I felt, back then, that detailing these losses told most of the story of my life. Cancer had taken so much from me.
Now I’ve lost much more to cancer—not from my own body or from the bodies of my immediate family, but from the many friends I’ve known in the ensuing years who have lost parts to this disease or who have died from cancer. There’s something about being a cancer survivor that connects me to others who are struggling with cancer. When acquaintances are diagnosed, they often come to me. Sometimes it’s because I’ve been there and I can share their experiences in the ways that no one else can. Sometimes it’s for insider knowledge—to help them to strategize a treatment. Sometimes it’s to grieve…to talk about what it’s like to lose a part of yourself and go on being “you.”

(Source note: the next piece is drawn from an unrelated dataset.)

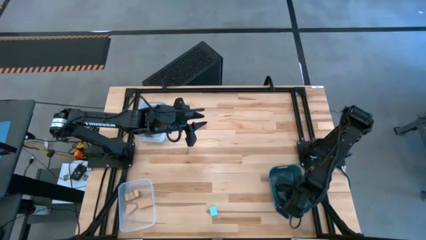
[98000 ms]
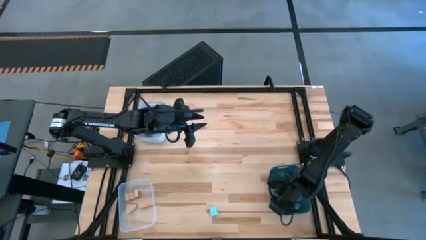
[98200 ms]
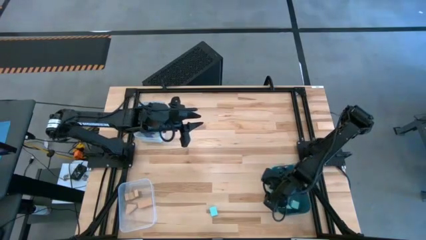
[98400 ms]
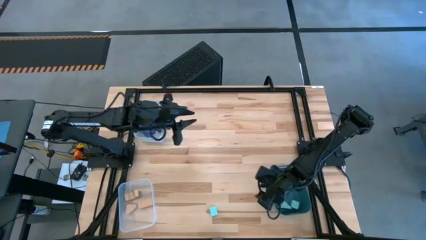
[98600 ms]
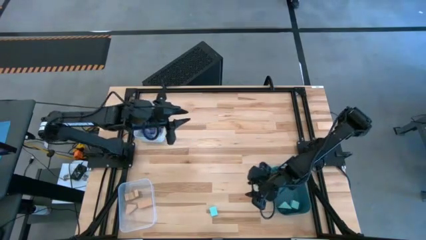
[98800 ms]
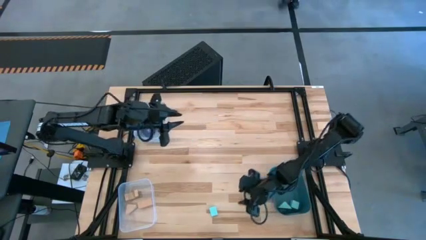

I don’t really remember anymore what life was like before my cancer. It’s been over 20 years now and my body feels right just the way it is—missing parts and all. Though I can’t say that I’m ‘grateful’ for the experiences that have come my way because of having had this disease, I am happy that it has helped me to reach out to so many people. There is something about being a cancer survivor that allows me to cross bridges of age, gender, race, and to be friends with people of all kinds. I love that part of my life. It feels good.
In every ward that I’ve lived in there are families who are in some stage of a cancer experience. It is a disease that has touched almost every family that I know. I’ll bet that you and everyone reading this post has been impacted by cancer somehow. We probably all have our stories of family members or good friends who have suffered with this disease. It’s odd how cancer ties communities of people together through a network of experience and loss. But it’s also the one gift that can come from such grief.